Harold Cash, who rode bareback on the rodeo circuit, is considered a rodeo icon and is in the National Multicultural Western Heritage Museum’s Hall of Fame. Photo by Jennifer Reynolds
Hall of Famer doesn’t take his career or legacy lightly
Harold Cash’s living room is a shrine to rodeo life.
Tucked in a corner of the room is a display piled high with mementos from his time as a bareback rider. There are trophies, belt buckles, rodeo passes, framed newspaper clippings and photos of his friends and family in the rodeo community.
Cash, 69, is a Texas City resident and a graduate of Lincoln High School in La Marque. He was the American Rodeo Association’s champion bareback rider in 1979 and 1981. He retired from the rodeo ring in 1996, but is still involved in the rodeo community. Each year, he travels to Las Vegas for the National Finals Rodeo, and puts on his own rodeo each May in Raywood, Texas.
Cash didn’t come from a rodeo family. He learned to ride while spending summers at his grandfather’s farm in Kendleton, a town in Fort Bend County with fewer than 400 people.

A corner of Harold Cash’s living room is dedicated to his rodeo days. Photo by Jennifer Reynolds
He got on his first horse — a bronco named The Brown Bomber — when someone told him that his long legs would make him a good rider. He got thrown almost immediately, he said.
“I got thrown as hard as I’ve ever been thrown,” he said.
It took him three months before he was ready to get back on a horse. He rode The Brown Bomber again, and stayed on that time. Success didn’t exactly come fast after that. Cash only won $20 total during his first rodeo season. But the modest start eventually blossomed into a successful career.
Cash rode for a decade before he got a shot at a bareback riding title. In 1979, he rode atop a horse named Playboy at a rodeo in Washington, D.C. The horse had never had a rider go eight seconds before Cash got on him. The momentum from that ride helped send him to the title.

Photos show Harold Cash competing in the bareback event in the 1970s. Photo by Jennifer Reynolds
He would reclaim the belt buckle in 1981 and insists he would have won in 1980 if he hadn’t fallen from a horse and broken his leg.
Cash’s body is a testament to his long career. He has broken his legs and his hands and has scars from a bull horn. Although his specialty was broncos, Cash said he would reluctantly ride bulls during competitions so he would have a shot at placing in the money.

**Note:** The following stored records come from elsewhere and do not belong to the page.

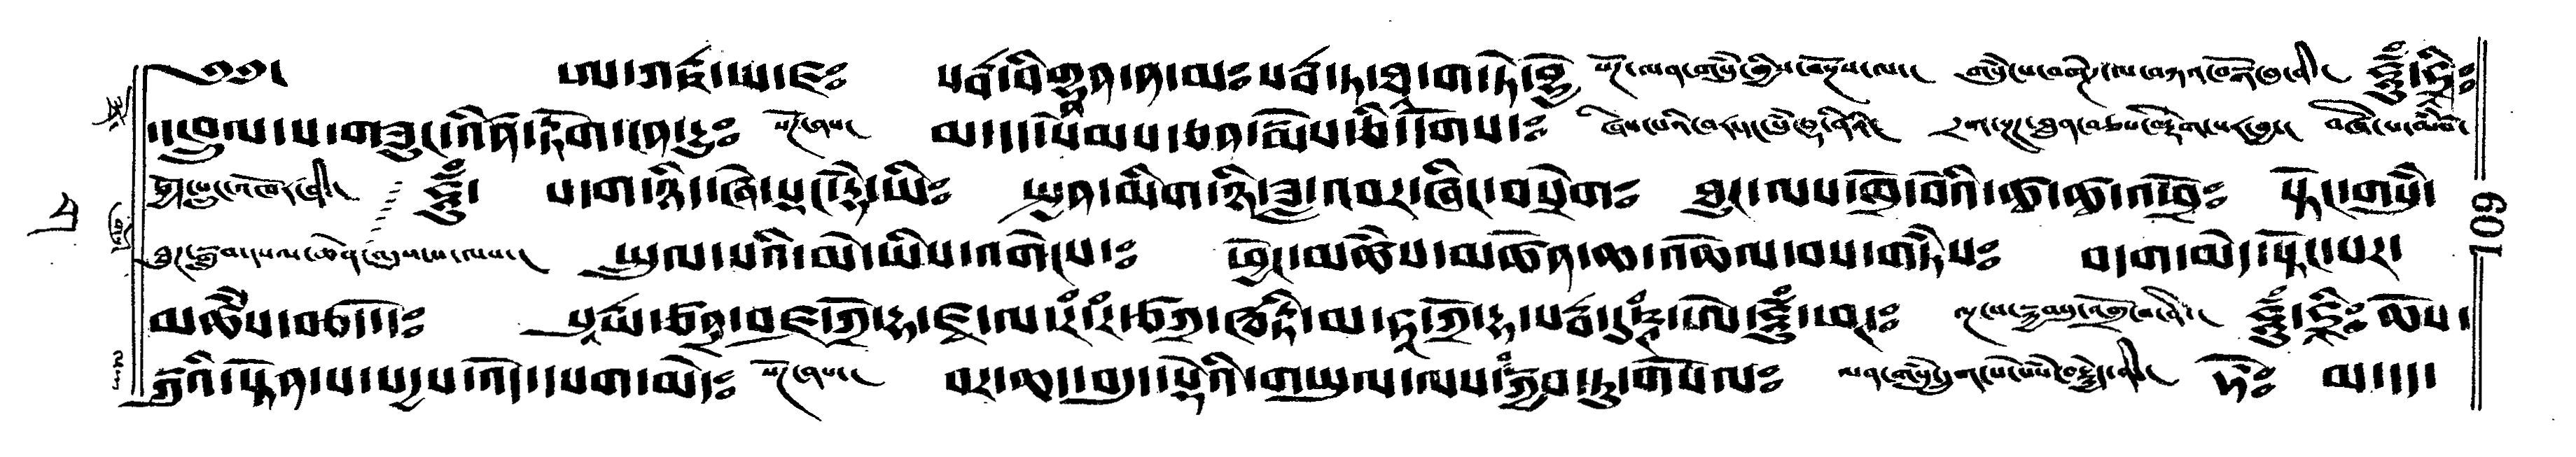ཨ་ཀར་ར་ཡ་ཛ༔ སརྦ་བིགྷྣན་ན་མཿསརྦ་ཏ་ཐཱ་ག་ཏེ་བྷྱོ༴ སོགས་ལན་གསུམ་གྱིས་བསྔོས་ལ། གསུམ་པ་བགེགས་ལ་བཀའ་བསྒོ་བ་ནི། ཧཱུྃ་ཧྲཱི༔ 
འཁྲུལ་པ་གཟུང་འཛིན་རྟོག་ངན་རྒྱུ༔ སོགས་ནས། མ་དད་སེམས་ཅན་སྨོས་ཅི་དགོས༔ ཞེས་པའི་བར་དང་སུམ་བྷ་ནིའི། །དྲག་སྔགས་ཐུན་བཅས་རྡེག་པར་བྱ། །བཞི་པ་མཚམས་
གཅོད་སྲུང་འཁོར་ནི། ཧཱུྃ༔ བདག་ཉིད་ཞེ་སྡང་རྡོ་རྗེ་ཡི༔ སྤྱན་མིག་ཉི་ཟླ་འབར་ཞིང་སྲེག༔ ཐུགས་ལས་ཁྲོ་བའི་ཚྭ་ཚྭ་འཕྲོ༔ སྟོང་གསུམ་
སྤྲུལ་པའི་མེ་ཡིས་འགེངས༔ ཕྱོགས་མཚམས་མཚོན་ཆ་འཆོལ་བས་གཏམས༔ བདག་མེད་སྟོང་པར
་མཚམས་བཅད་དོ༔ སུརྻ་ཙནྡྲ་བཛྲ་ཀྲོ་དྷ་ཛྭ་ལ་རཾ་རཾ་ཙཀྲ་ཝརྟི་མ་ཧཱ་ཀྲོ་དྷ་སརྦ་དུཥྚན་ཨེ་ཧཱུྃ་ཕཊ༔ ལྔ་པ་སྐྱབས་སུ་འགྲོ་བ་ནི། ཧཱུྃ་ཧྲཱི༔ ཆོས་
སྐུའི་སྟོན་པ་སངས་རྒྱས་འོད་དཔག་མེད༔ སོགས་ནས། བར་ཆད་བདུད་སྡེའི་གཡུལ་ལས་བསྐྱབ་ཏུ་གསོལ༔ ལན་གསུམ་དྲུག་པོ་སེམས་བསྐྱེད་ནི། ཧོ༔ མ་དད་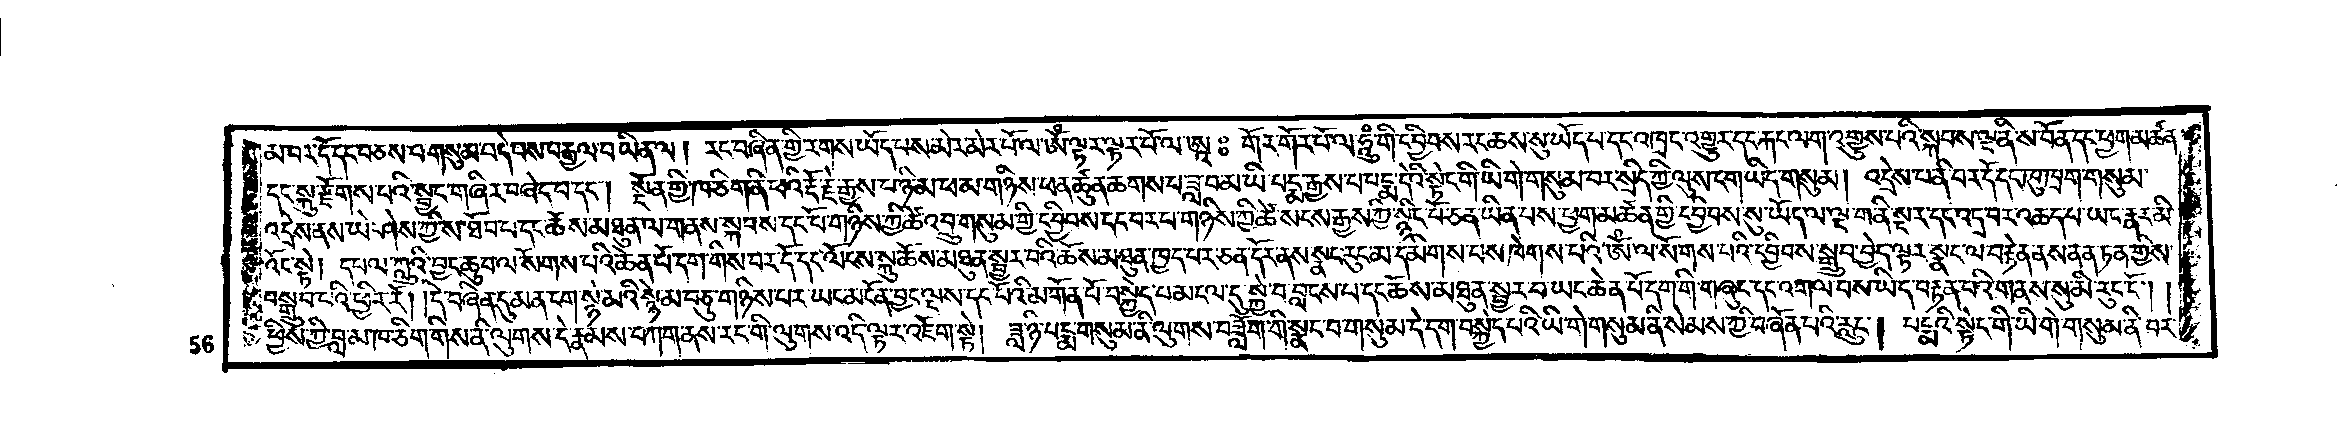མ་བར་དོ་དང་བཅས་པ་གསུམ་བདེ་བས་བརྒྱལ་བ་ཡིན་ལ། རང་བཞིན་གྱི་རིགས་ཡོད་པས་མེར་མེར་པོ་ལ་ཨོཾ་ལྟར་ལྟར་པོ་ལ་ཨཱཿ གོར་གོར་པོ་ལ་ཧཱུཾ་གི་དབྱིབས་རང་ཆས་སུ་ཡོད་པ་དང་འཁྲང་འགྱུར་དང་རྐང་ལག་འགྱུས་པའི་སྐབས་ལྔ་ནི་ས་བོན་དང་ཕྱག་མཚན་
དང་སྐུ་རྫོགས་པའི་སྦྱང་གཞིར་བཞེད་པ་དང་། སྔོན་གྱི་ཁ་ཅིག་ནི་ཕའི་རྡོ་རྗེ་རྒྱས་པ་ཉི་མ་ཕ་མ་གཉིས་ཕན་ཚུན་ཆགས་པ་ཟླ་བ་མ་ཡི་པདམ་རྒྱས་པ་པདམ་དེའི་སྟེང་གི་ཡི་གེ་གསུམ་བར་སྲིད་ཀྱི་ལུས་ངག་ཡིད་གསུམ། འདྲེས་པ་ནི་བར་དོ་དང་ཁུ་ཁྲག་གསུམ་
འདྲེས་ནས་ཡེ་ཤེས་ཀྱི་ས་ཐོབ་པ་དང་ཆོས་མཐུན་ལ་གནས་སྐབས་དང་པོ་གཉིས་ཀྱི་ཚེ་འབྲུ་གསུམ་གྱི་དབྱིབས་དང་བར་པ་གཉིས་ཀྱི་ཚེ་སངས་རྒྱས་ཀྱི་སྙིང་པོ་ཅན་ཡིན་པས་ཕྱག་མཚན་གྱི་དབྱིབས་སུ་ཡོད་ལ་ལྔ་ག་ནི་སྔར་དང་འདྲ་བར་འཆད་པ་ཡང་རྣར་མི་
འོང་སྟེ། དཔལ་ཀླུའི་བྱང་ཆུབ་ལ་སོགས་པའི་ཆེན་པོ་དག་གིས་བར་དོ་དང་ལོངས་སྐུ་ཆོས་མཐུན་སྦྱར་བའི་ཆོས་མཐུན་ཁྱད་པར་ཅན་དོར་ནས་སྣང་རུང་མ་དམིགས་པས་ཁེགས་པའི་ཨོཾ་ལ་སོགས་པའི་དབྱིབས་སྒྲུབ་བྱེད་ལྟར་སྣང་ལ་བརྟེན་ནས་ནན་ཏན་གྱིས་
བསྒྲུབ་པའི་ཕྱིར་རོ། །དེ་བཞིན་དུ་མན་ངག་སྙེ་མའི་སྙེ་མ་བཅུ་གཉིས་པར་ཡང་མངོན་བྱང་ལྔས་དང་པོའི་མགོན་པོ་བསྐྱེད་པ་མངལ་དུ་སྐྱེ་བ་བླངས་པ་དང་ཆོས་མཐུན་སྦྱར་བ་ཡང་ཆེན་པོ་དག་གི་གཞུང་དང་འགལ་བས་ཡིད་བརྟན་པའི་གནས་སུ་མི་རུང་ངོ། །
ཕྱིས་ཀྱི་བླ་མ་ཁ་ཅིག་གིས་ནི་ལུགས་དེ་རྣམས་བཀག་ནས་རང་གི་ལུགས་འདི་ལྟར་འཇོག་སྟེ། ཟླ་ཉི་པདམ་གསུམ་ནི་ལུགས་བཟློག་གི་སྣང་བ་གསུམ་དེ་དག་བསྐྱེད་པའི་ཡི་གེ་གསུམ་ནི་སེམས་ཀྱི་བཞོན་པའི་རླུང་། པདམའི་སྟེང་གི་ཡི་གེ་གསུམ་ནི་བར་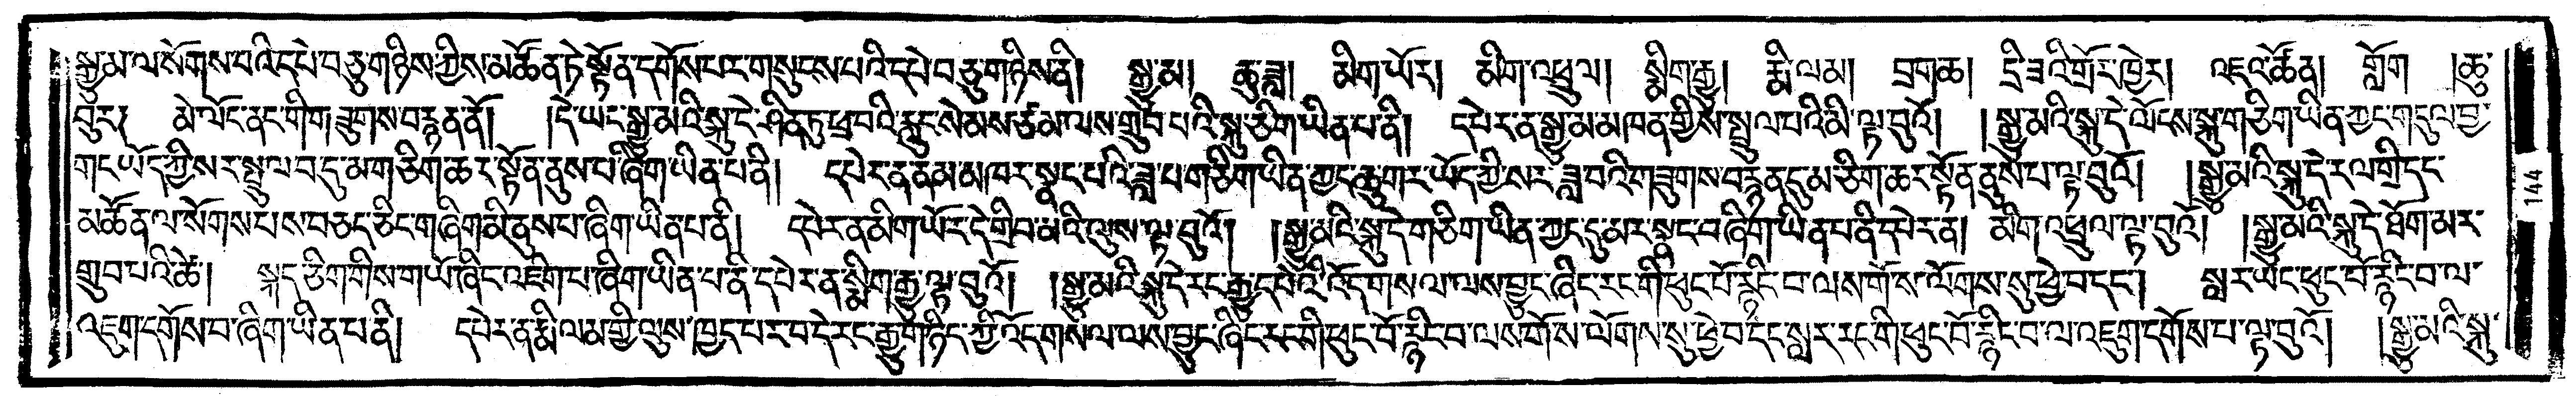སྒྱུ་མ་ལ་སོགས་པའི་དཔེ་བཅུ་གཉིས་ཀྱིས་མཚོན་ཏེ་སྟོན་དགོས་པར་གསུངས་པའི་དཔེ་བཅུ་གཉིས་ནི། སྒྱུ་མ། ཆུ་ཟླ། མིག་ཡོར། མིག་འཕྲུལ། སྨིག་རྒྱུ། རྨི་ལམ། བྲག་ཆ། དྲི་ཟའི་གྲོར་ཁྱེར། འཇའ་ཚོན། གློག །ཆུ་
བུར༑ མེ་ལོང་ནང་གི་གཟུགས་བརྙན་ནོ། །དེ་ཡང་སྒྱུ་མའི་སྐུ་དེ་ཤིན་ཏུ་ཕྲ་བའི་རླུང་སེམས་ཙམ་ལས་གྲུབ་པའི་སྐུ་ཅིག་ཡིན་པ་ནི། དཔེར་ན་སྒྱུ་མ་མཁན་གྱིས་སྤྲུལ་བའི་མི་ལྟ་བུའོ། །སྒྱུ་མའི་སྐུ་དེ་ལོངས་སྐུ་གཅིག་ཡིན་ཀྱང་གདུལ་བྱ་
གང་ཡོད་ཀྱི་སར་སྤྲུལ་བ་དུ་མ་གཅིག་ཆར་སྟོན་ནུས་པ་ཞིག་ཡིན་པ་ནི། དཔེར་ན་ནམ་མཁར་སྣང་བའི་ཟླ་བ་གཅིག་ཡིན་ཀྱང་ཆུ་གར་ཡོད་ཀྱི་སར་ཟླ་བའི་གཟུགས་བརྙན་དུ་མ་ཅིག་ཆར་སྟོན་ནུས་པ་ལྟ་བུའོ། །སྒྱུ་མའི་སྐུ་དེ་རལ་གྲི་དང་
མཚོན་ལ་སོགས་པས་བཅད་ཅིང་གཞིག་མི་ནུས་པ་ཞིག་ཡིན་པ་ནི། དཔེར་ན་མི་གཡོར་དེ་གྲིབ་མའི་ལུས་ལྟ་བུའོ། །སྒྱུ་མའི་སྐུ་དེ་གཅིག་ཡིན་ཀྱང་དུ་མར་སྣང་བཞིག་ཡིན་པ་ནི་དཔེར་ན། མིག་འཕྲུལ་ལྟ་བུའོ། །སྒྱུ་མའི་སྐུ་དེ་ཐོག་མར་
གྲུབ་པའི་ཚེ། སྐད་ཅིག་གིས་གཡོ་ཞིང་འཇིག་པ་ཞིག་ཡིན་པ་ནི་དཔེར་ན་སྨིག་རྒྱུ་ལྟ་བུའོ། །སྒྱུ་མའི་སྐུ་དེ་རང་རྒྱུ་དཔེའི་འོད་གསལ་ལས་བྱུང་ཞིང་རང་གི་ཕུང་པོ་རྙིང་བ་ལས་གོས་ལོགས་སུ་ཕྱེ་བ་དང་། སླར་ཡང་ཕུང་པོ་རྙིང་བ་ལ་
འཇུག་དགོས་པ་ཞིག་ཡིན་པ་ནི། དཔེར་ན་རྨི་ལམ་གྱི་ལུས་ཁྱད་པར་བདེ་རང་རྒྱུ་གཉིད་ཀྱི་འོད་གསལ་ལས་བྱུང་ཞིང་རང་གི་ཕུང་པོ་རྙིང་བ་ལ་སོགས་ལོགས་སུ་ཕྱེ་བ་དང་སླར་རང་གི་ཕུང་བོ་རྙིང་བ་ལ་འཇུག་དགོས་པ་ལྟ་བུའོ། །སྒྱུ་མའི་སྐུ་

Rodeo took Cash around the country and, while it didn’t make him rich — in fact, he said he almost “starved to death” while trying to be a professional rodeo cowboy — it helped him pay for college at Prairie View A&M University, he said.
Cash was elected to the National Multicultural Western Heritage Museum’s Hall of Fame in 2010. It’s an honor he doesn’t take lightly, which makes him think of the rodeo events where he trained in Kendleton. The events were some of the few that allowed black cowboys to compete, Cash said. Many of the people he learned the sport from were great competitors, but were never given a chance to compete at the highest levels, he said.
“When I accept one of these awards, I don’t stick my chest out like I’m all that,” he said. “I accept them for a thousand black cowboys, because I know these guys should have had it.”
Harold Cash is such a great guy! I’m not saying it because he is my father. Harold Cash is a living legend in my eyes. He love serving and helping out so many people the community he serve. He is a true giver from the heart, faithful church member to Greater Saint Matthews Church – Hitchcock Texas. Harold cash is a awesome husband, father, grandfather, brother, uncle, and son. He is one special guy! There is so much more that I can say about this wonderful guy that I am so very proud to call “DAD” but it will turn into a book with many chapters. Thank you for posting this story, I really enjoyed reading it.